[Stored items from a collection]
- Opening Delimiter -
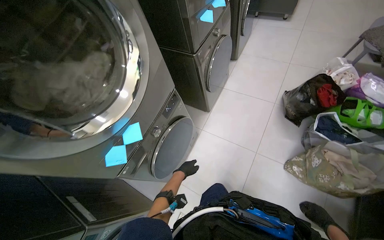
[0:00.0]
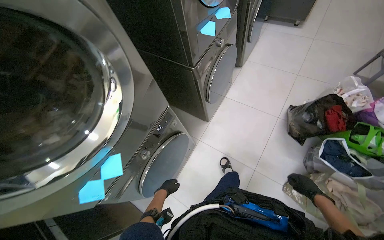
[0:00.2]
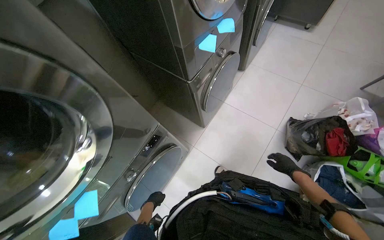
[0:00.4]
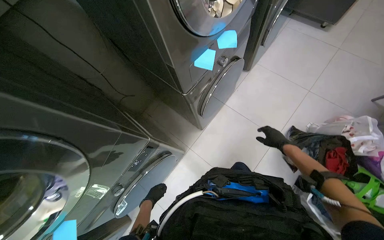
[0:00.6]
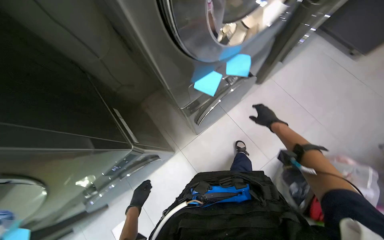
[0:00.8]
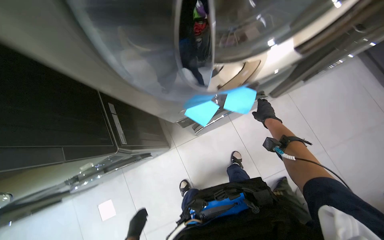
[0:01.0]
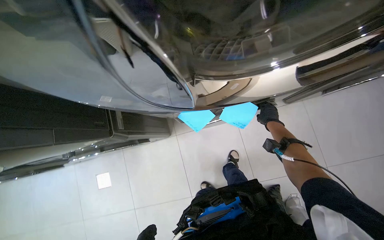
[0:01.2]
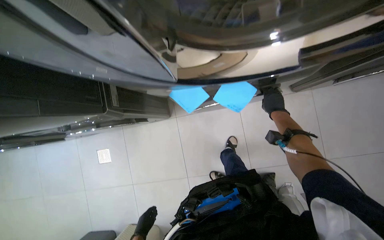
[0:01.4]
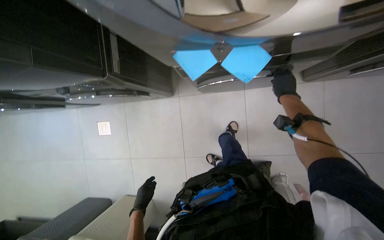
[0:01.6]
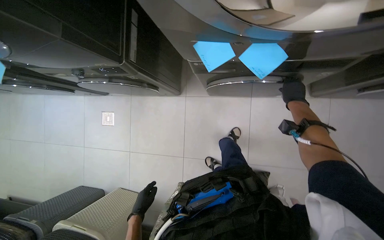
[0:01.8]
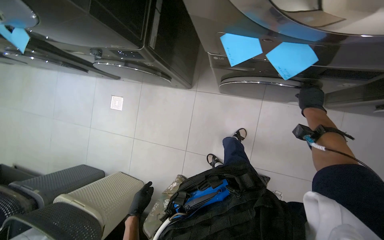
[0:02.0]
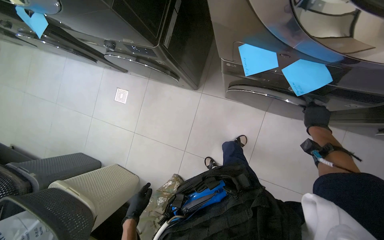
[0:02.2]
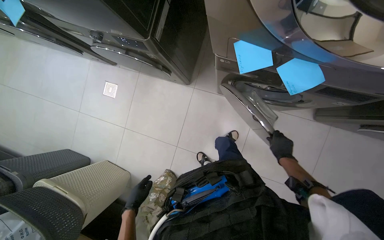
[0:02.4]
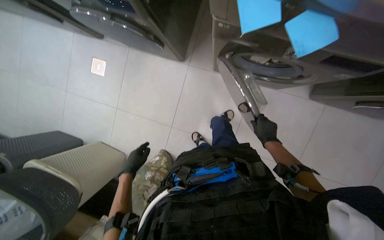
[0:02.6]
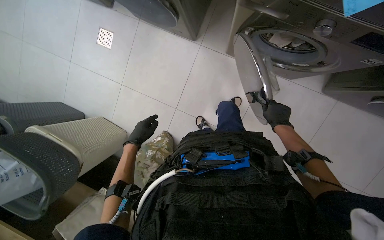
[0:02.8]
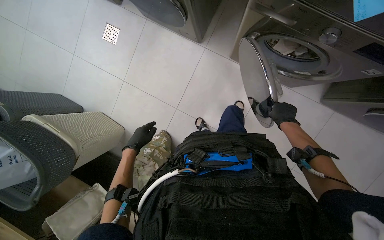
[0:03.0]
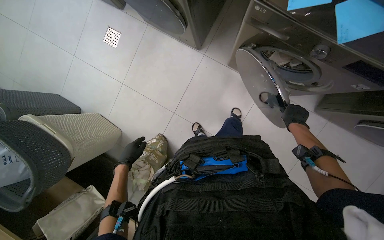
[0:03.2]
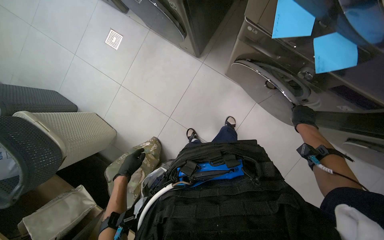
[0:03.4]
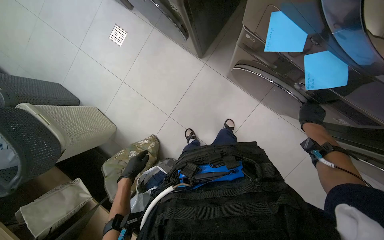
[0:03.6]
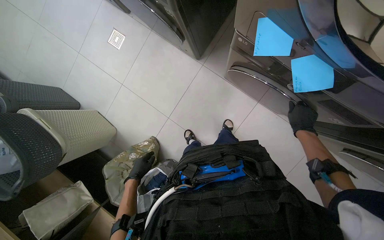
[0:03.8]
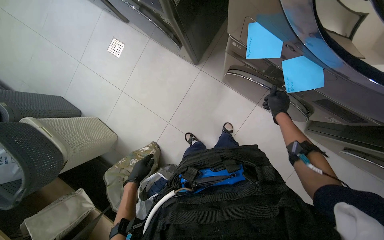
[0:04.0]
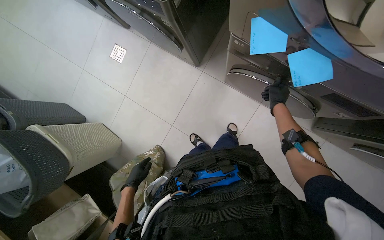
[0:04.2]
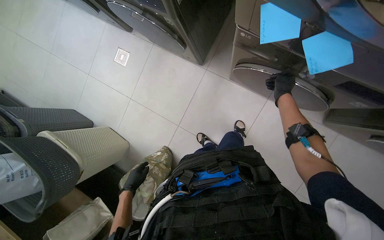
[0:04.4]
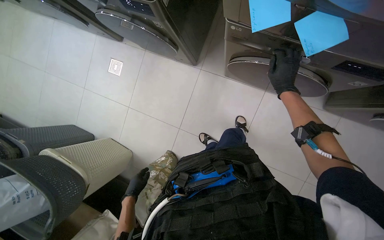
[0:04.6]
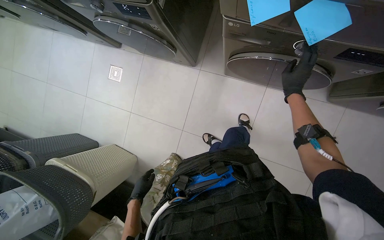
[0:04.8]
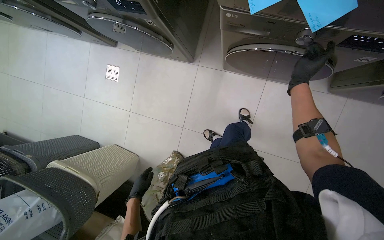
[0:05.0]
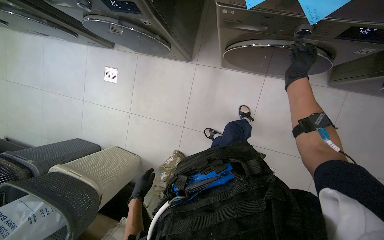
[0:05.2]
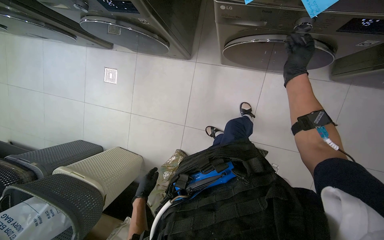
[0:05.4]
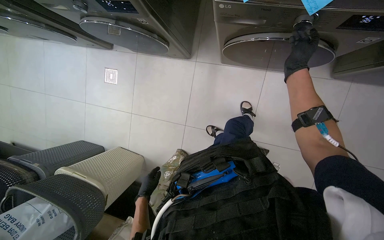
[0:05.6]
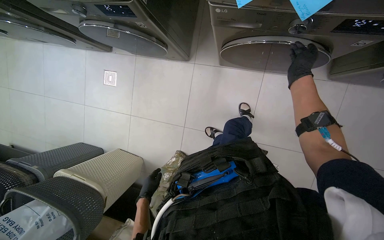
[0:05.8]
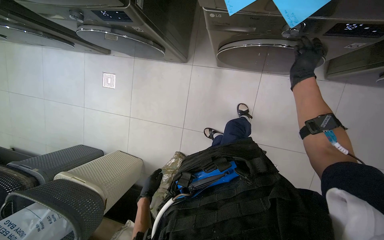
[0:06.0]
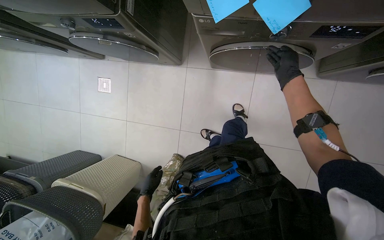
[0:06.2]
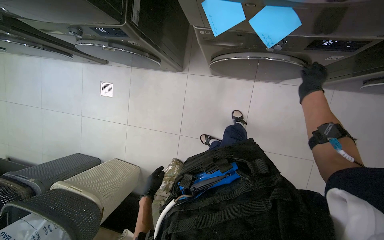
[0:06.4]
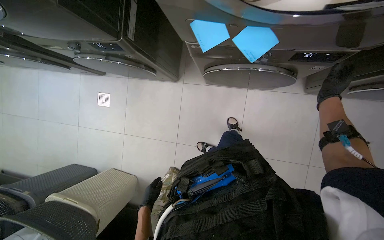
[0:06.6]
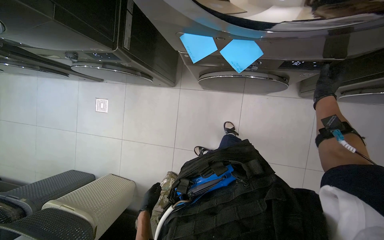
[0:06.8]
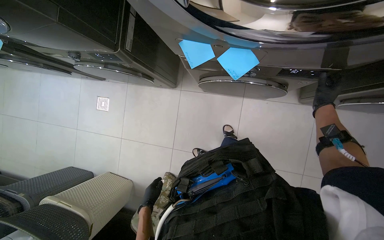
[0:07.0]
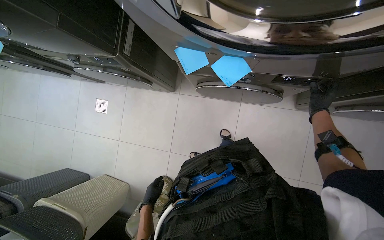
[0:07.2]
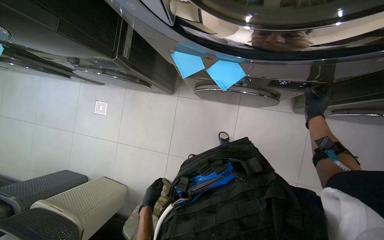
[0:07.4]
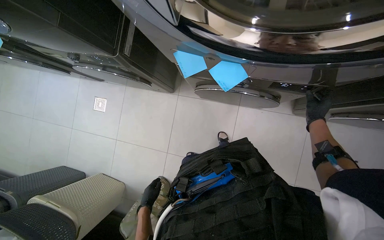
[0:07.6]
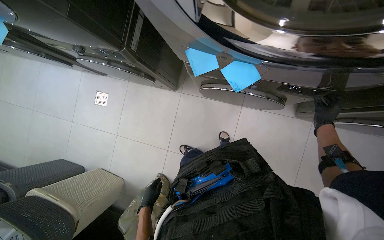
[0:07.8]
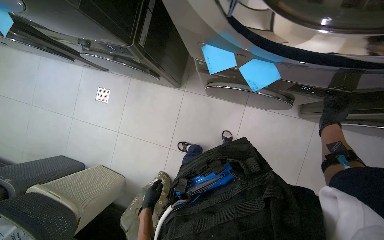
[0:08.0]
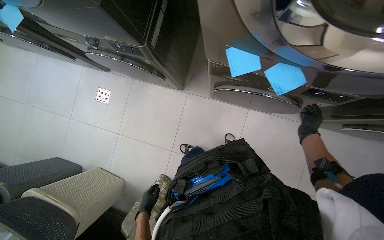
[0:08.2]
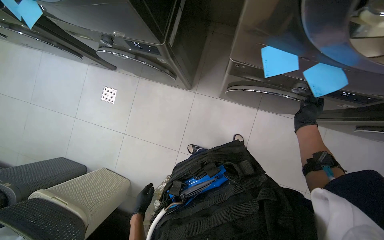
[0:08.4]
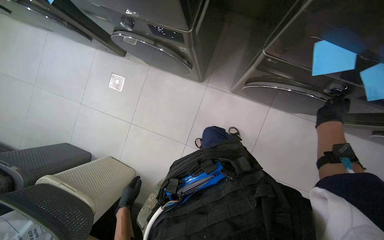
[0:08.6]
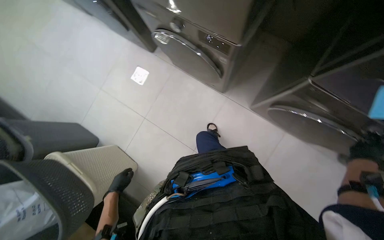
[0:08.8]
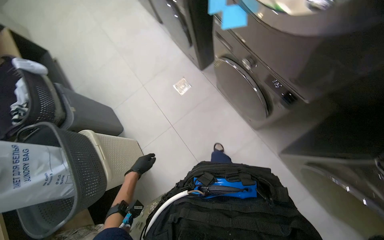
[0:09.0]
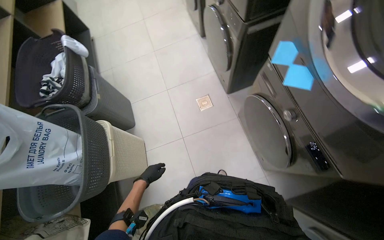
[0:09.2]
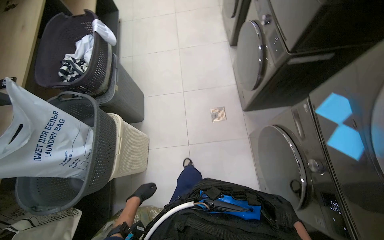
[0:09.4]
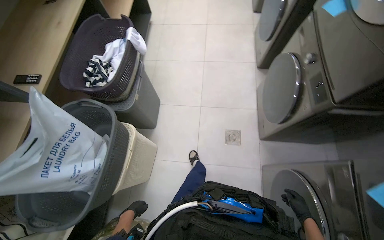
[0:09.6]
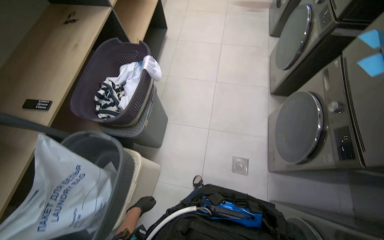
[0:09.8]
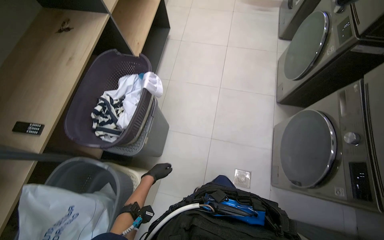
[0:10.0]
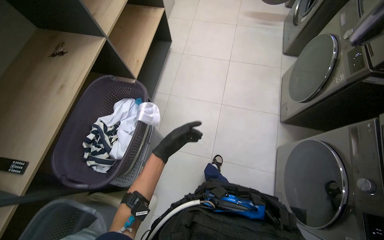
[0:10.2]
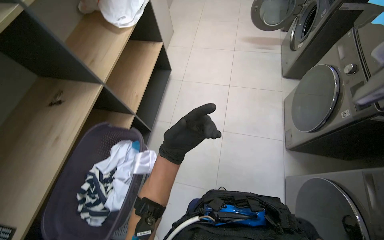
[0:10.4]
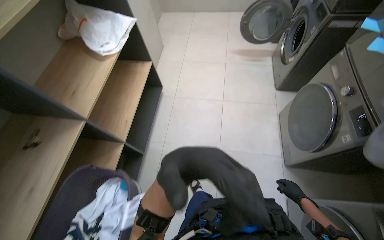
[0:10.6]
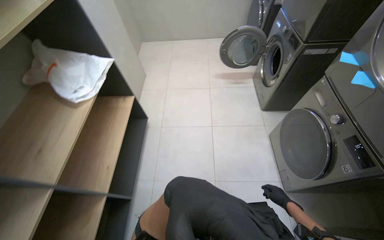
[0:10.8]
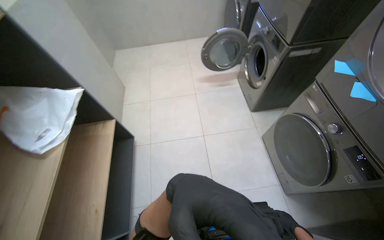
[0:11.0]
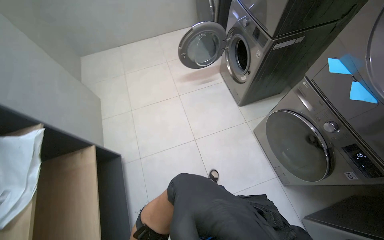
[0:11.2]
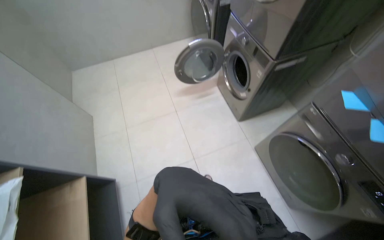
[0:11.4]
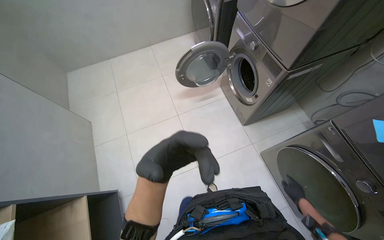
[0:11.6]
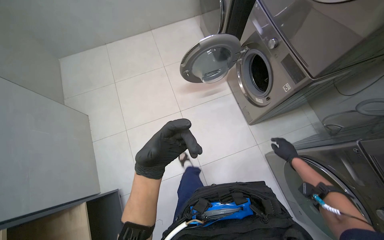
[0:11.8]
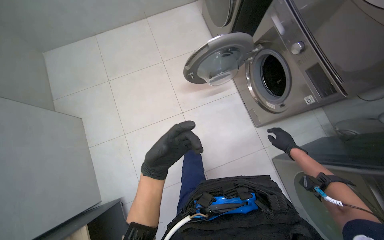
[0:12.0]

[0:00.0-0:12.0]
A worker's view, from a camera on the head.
Job: managing laundry.
The whole recording: Processing laundry and notes. The worker removes laundry and sticky notes from washing machines and dryers.
0:00.0 to 0:01.6: The head travels about 90 cm. The head turns to the left by about 55 degrees. The camera pitches downward, by about 35 degrees.
0:01.6 to 0:03.0: The scene turns approximately 30 degrees clockwise in the picture. The right hand moves down the picture, about 15 cm.
0:03.0 to 0:04.4: The left hand moves down the picture, approximately 10 cm. Meanwhile the right hand travels up the picture by about 20 cm, and travels to the right and back again, roughly 15 cm each way.
0:06.0 to 0:07.6: The right hand moves to the right, approximately 20 cm.
0:07.6 to 0:09.0: The wearer moves to the left, approximately 40 cm.
0:09.0 to 0:10.4: The head travels about 1 m. The scene turns about 35 degrees clockwise in the picture.
0:10.4 to 0:12.0: The camera travels about 1.5 m. The head turns to the right by roughly 35 degrees.
- Closing Delimiter -
Start with the first line of the records above and end with the line containing "[0:00.0-0:12.0]". Output those lines exactly, pictures excluded.

*Result for this exercise*.
[0:00.0]
[0:00.2]
[0:00.4]
[0:00.6]
[0:00.8]
[0:01.0]
[0:01.2]
[0:01.4]
[0:01.6]
[0:01.8]
[0:02.0]
[0:02.2]
[0:02.4]
[0:02.6]
[0:02.8]
[0:03.0]
[0:03.2]
[0:03.4]
[0:03.6]
[0:03.8]
[0:04.0]
[0:04.2]
[0:04.4]
[0:04.6]
[0:04.8]
[0:05.0]
[0:05.2]
[0:05.4]
[0:05.6]
[0:05.8]
[0:06.0]
[0:06.2]
[0:06.4]
[0:06.6]
[0:06.8]
[0:07.0]
[0:07.2]
[0:07.4]
[0:07.6]
[0:07.8]
[0:08.0]
[0:08.2]
[0:08.4]
[0:08.6]
[0:08.8]
[0:09.0]
[0:09.2]
[0:09.4]
[0:09.6]
[0:09.8]
[0:10.0]
[0:10.2]
[0:10.4]
[0:10.6]
[0:10.8]
[0:11.0]
[0:11.2]
[0:11.4]
[0:11.6]
[0:11.8]
[0:12.0]

[0:00.0-0:12.0]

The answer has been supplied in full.